In actuality, the saying has several interpretations, each with a different implication. The first interpretation involves a set of predictions regarding what the price of information will be. The second, a statement regarding what the price of information ought to be. The third, a set of beliefs regarding the constraints on information’s use. In each case, there are implications for those who have information to sell and the business models they can utilize to do so. However, each is dressed up in certain presumptions that can obscure what digital technologies now allow in terms of sustainable business models for information.
Predicting the Price of Information
The origin of the saying “information wants to be free” was a remark by Stewart Brand to Steve Wozniak at the Hackers Conference in 1984. Brand said,
On the one hand information wants to be expensive, because it’s so valuable.

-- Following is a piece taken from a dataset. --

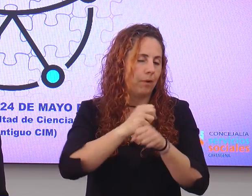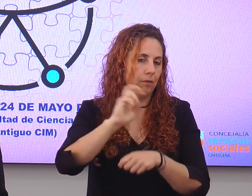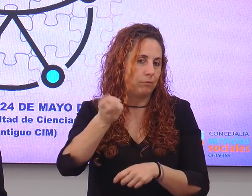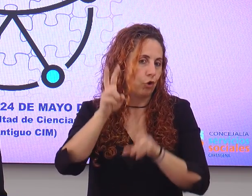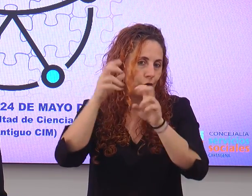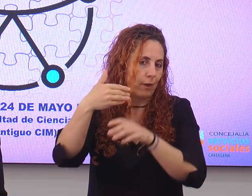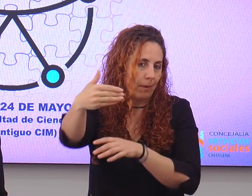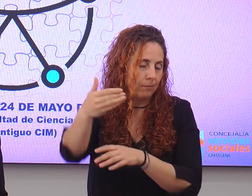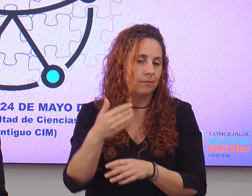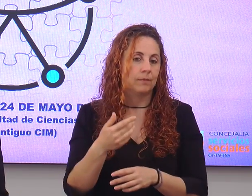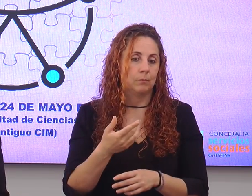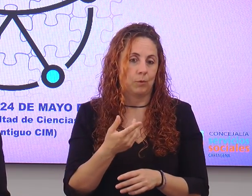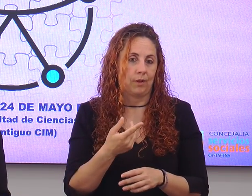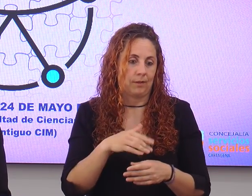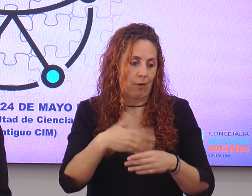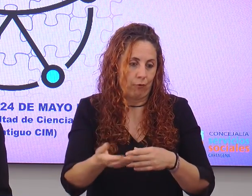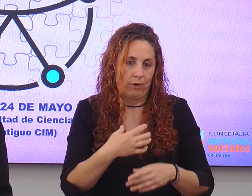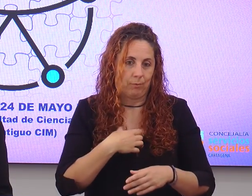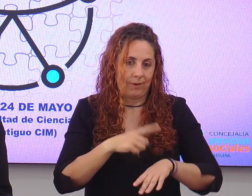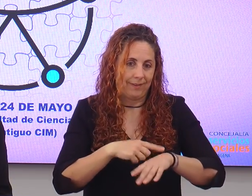otros temas que se han quedado fuera.

The right information in the right place just changes your life. On the other hand, information wants to be free, because the cost of getting it out is getting lower and lower all the time. So you have these two fighting against each other. [1]
Somehow, we’ve forgotten all but part of the third sentence of Brand’s comment. In its entirety, it is a statement regarding what price information might sell for and it is agnostic regarding whether that price might be high or low. In that respect, information is in good company.

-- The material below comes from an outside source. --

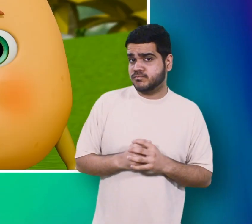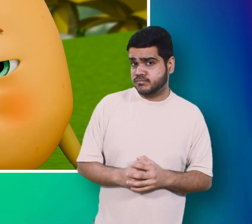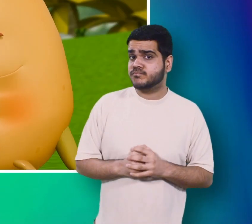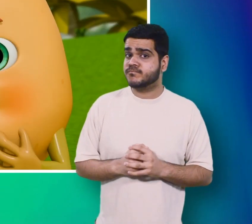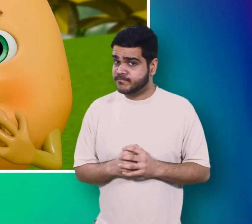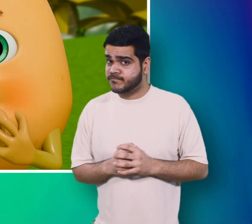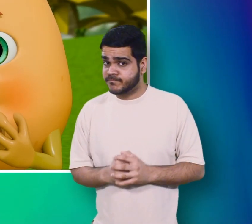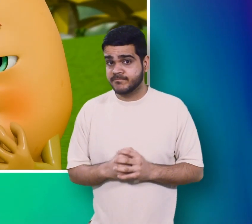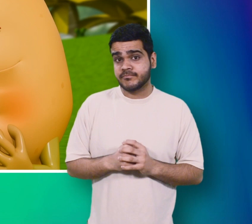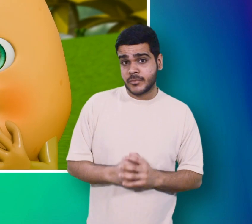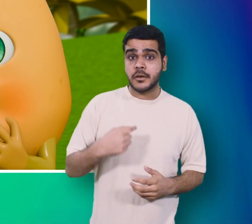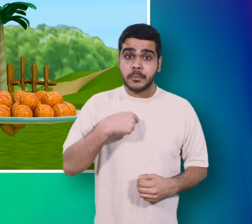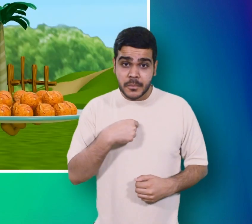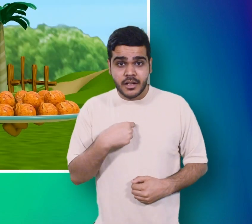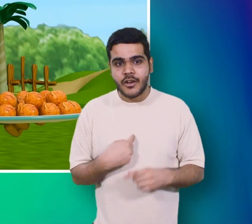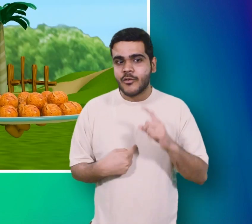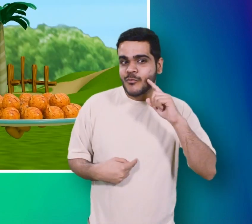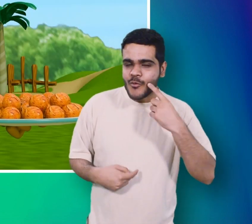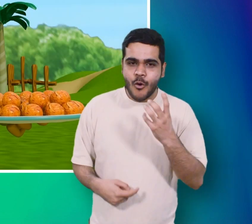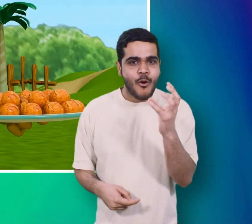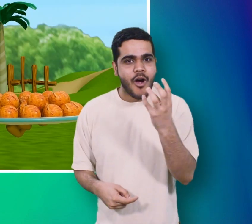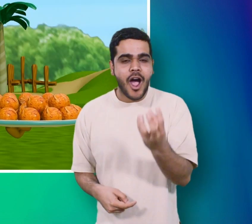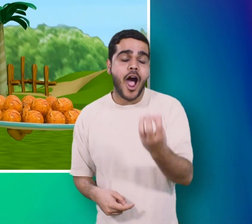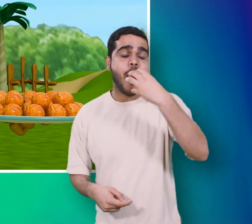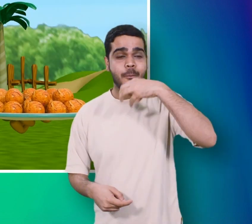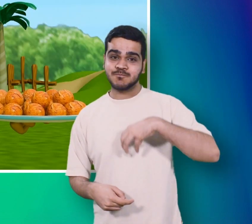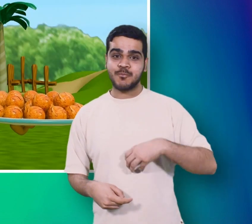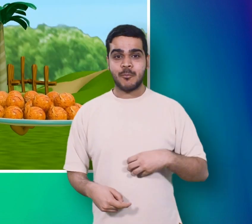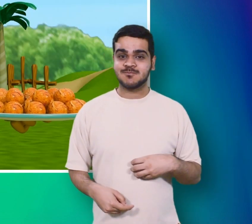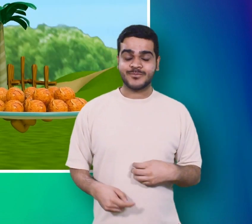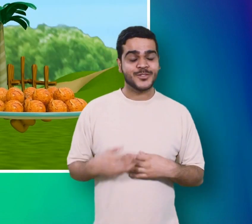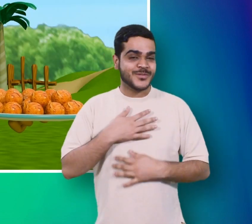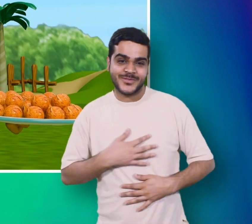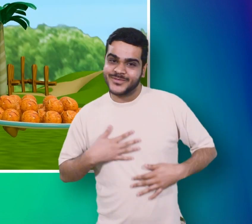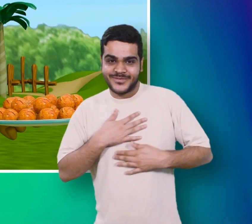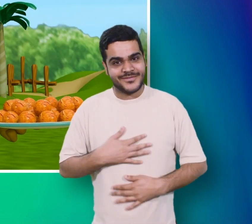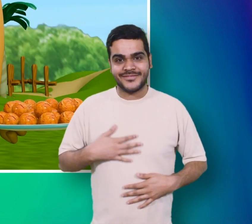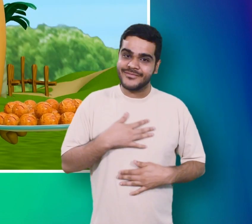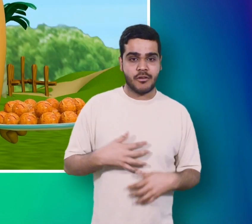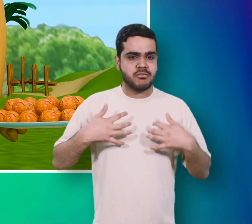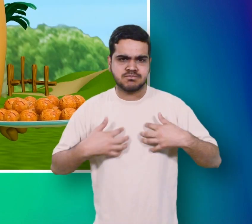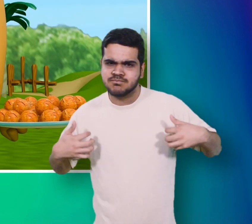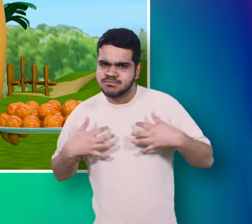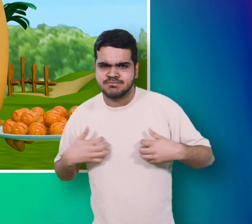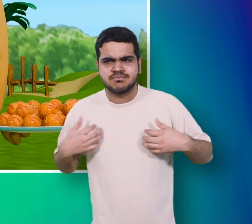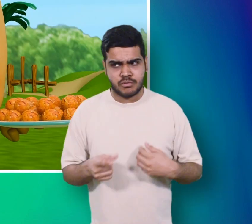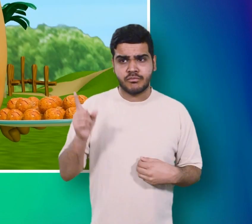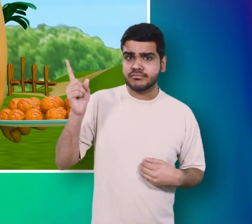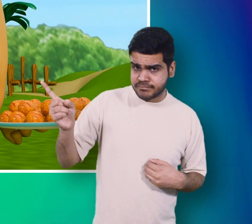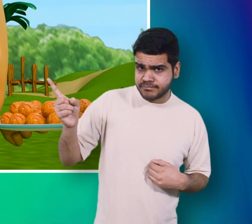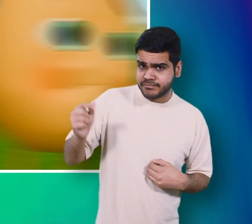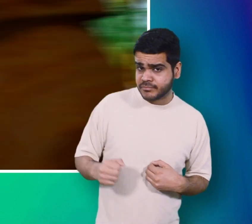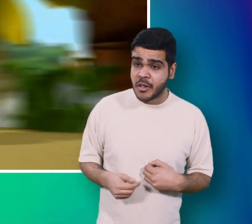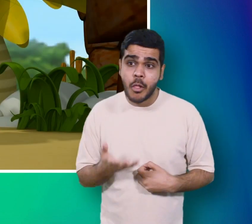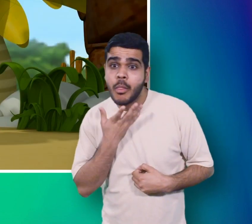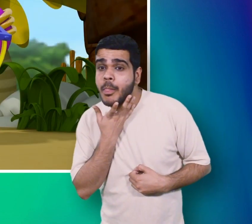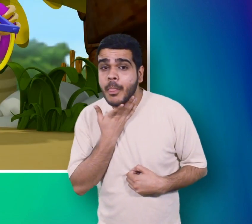मैं एक लड्डू खा रहा था बंदर का मन लले चा

The standard way to predict price movements is to examine changes in supply and demand. In the case of information, the easiest place to start is supply and, specifically, why information might want to be free: the cost of distributing information is falling and is now arguably costless. (Because someone has to allocate attention to processing some particular bit of information, there are always costs in getting information through the last neuron. But up until that point, nowadays, getting an extra bit of information from where it is to a person does not take up real resources.)
The reason there is a price is to economize on scarce resources, but if distribution costs are zero (or nearly so), then a price of zero will not stand in distribution’s way. This is why “information wants to be free” is that part of Brand’s quote that is so often evangelized. [2] It is perfectly consistent with this piece of the economics of information and the logic that “since it isn’t costing anything for you to release information to me, I might expect to be able to get it without having to pay.”
While information wanting to be free has to do with its supply, information wanting to be expensive is a statement about demand. In particular, Brand notes that information can be useful and valuable to individuals. And the economic logic goes something like, “If information is valuable to you, by paying me, I’ll have an incentive to release it to you.”
Seen in this light, information is no different than many other goods traded on the market. Coffee, for instance, can be produced at relatively low marginal cost even though many people desperately need it every morning (and most afternoons). The eventual price of coffee will reflect both of these things, the low marginal cost of production and distribution and the great demand. We would not, however, describe the eventual price as a fight. If coffee cost a lot to produce, one would not normally consider peace breaking out in the coffee market. Thus, the tension that Brand identifies is not fundamental to information. Instead, it is just a statement that there happens to be a supply side and a demand side to information, and like all other goods and services, that their resolution determines price.
Yet the ambiguity in Brand’s mind regarding what will happen to the price of information is real. Information has become cheap to distribute and, possibly, more valuable over time. Both supply and demand have increased. Economics 101 tells us that, under these circumstances, one cannot say whether its price should rise or fall, if information should be free or expensive. What one can say is that more information wants to be distributed and consumed. Each force reinforces the other to provide more information than before. It isn’t a fight but a mutual effort toward more. And when it comes down to it, it is how much information exists rather than what precisely it sells for that is economically relevant.
Copying and Pricing
There is another set of predictions inspired by the Brand quote that more strongly suggests a downward movement in the price of information. Two effects follow from the adoption of digital technology in the realm of information. First, the technology allows people to more easily access and use information. Consequently, information that is available is more valuable. Second, that same technology makes it easy to circumvent the constraints that the suppliers of information use to keep information from you that you did not pay for (“piracy”). As a result, traditional purveyors of information should be able to profit from the new technology but, instead, find that their business models are threatened.
This dire scenario is best illustrated by the music industry, the poster child for the effects of piracy. Music was one of the first products digitized for mass consumption. Technological change made compact discs burnable and then redundant, leaving music in its digital form, disembodied from a means of carrying it physically. Consequently, on a number of dimensions, seemingly all at once, music could be easily copied. And so it was.
The desire to copy music has always existed.